§ About this task
What you return should match the records below exactly.
- - - - - - -
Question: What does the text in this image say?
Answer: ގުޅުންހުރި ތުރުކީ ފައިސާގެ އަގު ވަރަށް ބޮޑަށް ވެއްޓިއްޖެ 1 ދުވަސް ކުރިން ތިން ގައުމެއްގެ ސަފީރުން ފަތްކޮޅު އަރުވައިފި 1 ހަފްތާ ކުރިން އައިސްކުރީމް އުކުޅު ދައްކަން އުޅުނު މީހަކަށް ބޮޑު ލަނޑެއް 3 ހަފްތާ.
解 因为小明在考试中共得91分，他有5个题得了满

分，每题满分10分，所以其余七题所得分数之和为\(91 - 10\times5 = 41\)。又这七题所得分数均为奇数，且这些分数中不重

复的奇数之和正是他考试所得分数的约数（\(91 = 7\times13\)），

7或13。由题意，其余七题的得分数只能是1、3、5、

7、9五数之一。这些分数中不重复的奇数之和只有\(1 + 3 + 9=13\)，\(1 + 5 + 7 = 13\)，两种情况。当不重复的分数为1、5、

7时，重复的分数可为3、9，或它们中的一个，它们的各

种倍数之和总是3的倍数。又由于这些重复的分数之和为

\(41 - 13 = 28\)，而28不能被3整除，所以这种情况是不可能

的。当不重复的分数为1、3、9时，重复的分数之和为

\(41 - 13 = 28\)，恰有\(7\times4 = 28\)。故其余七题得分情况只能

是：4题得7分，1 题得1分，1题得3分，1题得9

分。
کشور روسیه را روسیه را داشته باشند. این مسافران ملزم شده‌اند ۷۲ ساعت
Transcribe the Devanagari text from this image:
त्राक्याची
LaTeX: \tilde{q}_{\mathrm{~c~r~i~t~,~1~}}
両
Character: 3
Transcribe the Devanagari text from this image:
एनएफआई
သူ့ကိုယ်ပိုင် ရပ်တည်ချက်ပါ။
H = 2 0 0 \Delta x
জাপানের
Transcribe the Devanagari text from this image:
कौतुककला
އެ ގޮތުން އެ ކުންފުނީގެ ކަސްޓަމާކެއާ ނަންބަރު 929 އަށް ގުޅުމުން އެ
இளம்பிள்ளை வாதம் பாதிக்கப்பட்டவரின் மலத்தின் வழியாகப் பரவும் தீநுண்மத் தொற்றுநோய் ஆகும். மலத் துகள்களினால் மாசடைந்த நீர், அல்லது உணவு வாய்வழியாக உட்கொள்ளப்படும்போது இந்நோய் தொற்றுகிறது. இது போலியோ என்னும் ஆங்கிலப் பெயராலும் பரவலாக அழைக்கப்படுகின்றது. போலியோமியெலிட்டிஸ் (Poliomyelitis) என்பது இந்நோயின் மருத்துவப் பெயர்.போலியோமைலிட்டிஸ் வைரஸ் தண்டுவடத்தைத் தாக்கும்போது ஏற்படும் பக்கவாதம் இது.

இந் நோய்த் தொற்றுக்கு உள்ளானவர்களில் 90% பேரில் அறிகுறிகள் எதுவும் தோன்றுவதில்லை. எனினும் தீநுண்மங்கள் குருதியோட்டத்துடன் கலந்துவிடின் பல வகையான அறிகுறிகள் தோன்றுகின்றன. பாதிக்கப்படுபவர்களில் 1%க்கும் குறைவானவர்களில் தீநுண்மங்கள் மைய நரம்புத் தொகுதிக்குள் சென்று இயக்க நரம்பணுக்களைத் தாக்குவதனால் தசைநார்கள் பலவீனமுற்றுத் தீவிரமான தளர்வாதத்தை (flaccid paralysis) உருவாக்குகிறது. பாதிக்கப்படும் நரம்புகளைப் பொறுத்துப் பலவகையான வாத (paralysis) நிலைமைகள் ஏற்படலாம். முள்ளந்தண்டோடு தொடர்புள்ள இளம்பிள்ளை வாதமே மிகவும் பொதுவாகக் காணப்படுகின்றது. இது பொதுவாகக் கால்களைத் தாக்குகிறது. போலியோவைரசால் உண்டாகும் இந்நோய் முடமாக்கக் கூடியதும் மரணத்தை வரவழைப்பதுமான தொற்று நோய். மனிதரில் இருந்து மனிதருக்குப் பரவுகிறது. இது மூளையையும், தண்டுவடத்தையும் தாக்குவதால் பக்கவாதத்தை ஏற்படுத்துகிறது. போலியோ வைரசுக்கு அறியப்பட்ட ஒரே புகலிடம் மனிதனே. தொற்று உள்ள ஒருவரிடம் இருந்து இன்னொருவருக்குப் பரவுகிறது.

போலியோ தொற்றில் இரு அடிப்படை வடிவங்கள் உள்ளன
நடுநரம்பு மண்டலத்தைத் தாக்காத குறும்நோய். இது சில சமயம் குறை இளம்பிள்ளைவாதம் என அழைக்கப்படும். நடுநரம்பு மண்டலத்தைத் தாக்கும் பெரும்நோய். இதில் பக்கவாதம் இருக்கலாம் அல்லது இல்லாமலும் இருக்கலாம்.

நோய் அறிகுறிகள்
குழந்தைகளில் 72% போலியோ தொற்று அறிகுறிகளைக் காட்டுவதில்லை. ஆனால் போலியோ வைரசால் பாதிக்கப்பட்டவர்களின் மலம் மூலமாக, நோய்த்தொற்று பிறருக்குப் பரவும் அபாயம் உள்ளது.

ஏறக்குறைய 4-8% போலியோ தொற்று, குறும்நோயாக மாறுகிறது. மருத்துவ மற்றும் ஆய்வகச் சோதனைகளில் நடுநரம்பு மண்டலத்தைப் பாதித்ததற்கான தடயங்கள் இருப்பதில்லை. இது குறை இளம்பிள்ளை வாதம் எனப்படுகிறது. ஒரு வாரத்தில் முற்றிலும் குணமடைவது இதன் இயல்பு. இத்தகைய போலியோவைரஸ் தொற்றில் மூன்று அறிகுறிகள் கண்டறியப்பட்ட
- - - - - - -
§ Response
Question: What does the text in this image say?
Answer: ގުޅުންހުރި ތުރުކީ ފައިސާގެ އަގު ވަރަށް ބޮޑަށް ވެއްޓިއްޖެ 1 ދުވަސް ކުރިން ތިން ގައުމެއްގެ ސަފީރުން ފަތްކޮޅު އަރުވައިފި 1 ހަފްތާ ކުރިން އައިސްކުރީމް އުކުޅު ދައްކަން އުޅުނު މީހަކަށް ބޮޑު ލަނޑެއް 3 ހަފްތާ.
解 因为小明在考试中共得91分，他有5个题得了满

分，每题满分10分，所以其余七题所得分数之和为\(91 - 10\times5 = 41\)。又这七题所得分数均为奇数，且这些分数中不重

复的奇数之和正是他考试所得分数的约数（\(91 = 7\times13\)），

7或13。由题意，其余七题的得分数只能是1、3、5、

7、9五数之一。这些分数中不重复的奇数之和只有\(1 + 3 + 9=13\)，\(1 + 5 + 7 = 13\)，两种情况。当不重复的分数为1、5、

7时，重复的分数可为3、9，或它们中的一个，它们的各

种倍数之和总是3的倍数。又由于这些重复的分数之和为

\(41 - 13 = 28\)，而28不能被3整除，所以这种情况是不可能

的。当不重复的分数为1、3、9时，重复的分数之和为

\(41 - 13 = 28\)，恰有\(7\times4 = 28\)。故其余七题得分情况只能

是：4题得7分，1 题得1分，1题得3分，1题得9

分。
کشور روسیه را روسیه را داشته باشند. این مسافران ملزم شده‌اند ۷۲ ساعت
Transcribe the Devanagari text from this image:
त्राक्याची
LaTeX: \tilde{q}_{\mathrm{~c~r~i~t~,~1~}}
両
Character: 3
Transcribe the Devanagari text from this image:
एनएफआई
သူ့ကိုယ်ပိုင် ရပ်တည်ချက်ပါ။
H = 2 0 0 \Delta x
জাপানের
Transcribe the Devanagari text from this image:
कौतुककला
އެ ގޮތުން އެ ކުންފުނީގެ ކަސްޓަމާކެއާ ނަންބަރު 929 އަށް ގުޅުމުން އެ
இளம்பிள்ளை வாதம் பாதிக்கப்பட்டவரின் மலத்தின் வழியாகப் பரவும் தீநுண்மத் தொற்றுநோய் ஆகும். மலத் துகள்களினால் மாசடைந்த நீர், அல்லது உணவு வாய்வழியாக உட்கொள்ளப்படும்போது இந்நோய் தொற்றுகிறது. இது போலியோ என்னும் ஆங்கிலப் பெயராலும் பரவலாக அழைக்கப்படுகின்றது. போலியோமியெலிட்டிஸ் (Poliomyelitis) என்பது இந்நோயின் மருத்துவப் பெயர்.போலியோமைலிட்டிஸ் வைரஸ் தண்டுவடத்தைத் தாக்கும்போது ஏற்படும் பக்கவாதம் இது.

இந் நோய்த் தொற்றுக்கு உள்ளானவர்களில் 90% பேரில் அறிகுறிகள் எதுவும் தோன்றுவதில்லை. எனினும் தீநுண்மங்கள் குருதியோட்டத்துடன் கலந்துவிடின் பல வகையான அறிகுறிகள் தோன்றுகின்றன. பாதிக்கப்படுபவர்களில் 1%க்கும் குறைவானவர்களில் தீநுண்மங்கள் மைய நரம்புத் தொகுதிக்குள் சென்று இயக்க நரம்பணுக்களைத் தாக்குவதனால் தசைநார்கள் பலவீனமுற்றுத் தீவிரமான தளர்வாதத்தை (flaccid paralysis) உருவாக்குகிறது. பாதிக்கப்படும் நரம்புகளைப் பொறுத்துப் பலவகையான வாத (paralysis) நிலைமைகள் ஏற்படலாம். முள்ளந்தண்டோடு தொடர்புள்ள இளம்பிள்ளை வாதமே மிகவும் பொதுவாகக் காணப்படுகின்றது. இது பொதுவாகக் கால்களைத் தாக்குகிறது. போலியோவைரசால் உண்டாகும் இந்நோய் முடமாக்கக் கூடியதும் மரணத்தை வரவழைப்பதுமான தொற்று நோய். மனிதரில் இருந்து மனிதருக்குப் பரவுகிறது. இது மூளையையும், தண்டுவடத்தையும் தாக்குவதால் பக்கவாதத்தை ஏற்படுத்துகிறது. போலியோ வைரசுக்கு அறியப்பட்ட ஒரே புகலிடம் மனிதனே. தொற்று உள்ள ஒருவரிடம் இருந்து இன்னொருவருக்குப் பரவுகிறது.

போலியோ தொற்றில் இரு அடிப்படை வடிவங்கள் உள்ளன
நடுநரம்பு மண்டலத்தைத் தாக்காத குறும்நோய். இது சில சமயம் குறை இளம்பிள்ளைவாதம் என அழைக்கப்படும். நடுநரம்பு மண்டலத்தைத் தாக்கும் பெரும்நோய். இதில் பக்கவாதம் இருக்கலாம் அல்லது இல்லாமலும் இருக்கலாம்.

நோய் அறிகுறிகள்
குழந்தைகளில் 72% போலியோ தொற்று அறிகுறிகளைக் காட்டுவதில்லை. ஆனால் போலியோ வைரசால் பாதிக்கப்பட்டவர்களின் மலம் மூலமாக, நோய்த்தொற்று பிறருக்குப் பரவும் அபாயம் உள்ளது.

ஏறக்குறைய 4-8% போலியோ தொற்று, குறும்நோயாக மாறுகிறது. மருத்துவ மற்றும் ஆய்வகச் சோதனைகளில் நடுநரம்பு மண்டலத்தைப் பாதித்ததற்கான தடயங்கள் இருப்பதில்லை. இது குறை இளம்பிள்ளை வாதம் எனப்படுகிறது. ஒரு வாரத்தில் முற்றிலும் குணமடைவது இதன் இயல்பு. இத்தகைய போலியோவைரஸ் தொற்றில் மூன்று அறிகுறிகள் கண்டறியப்பட்ட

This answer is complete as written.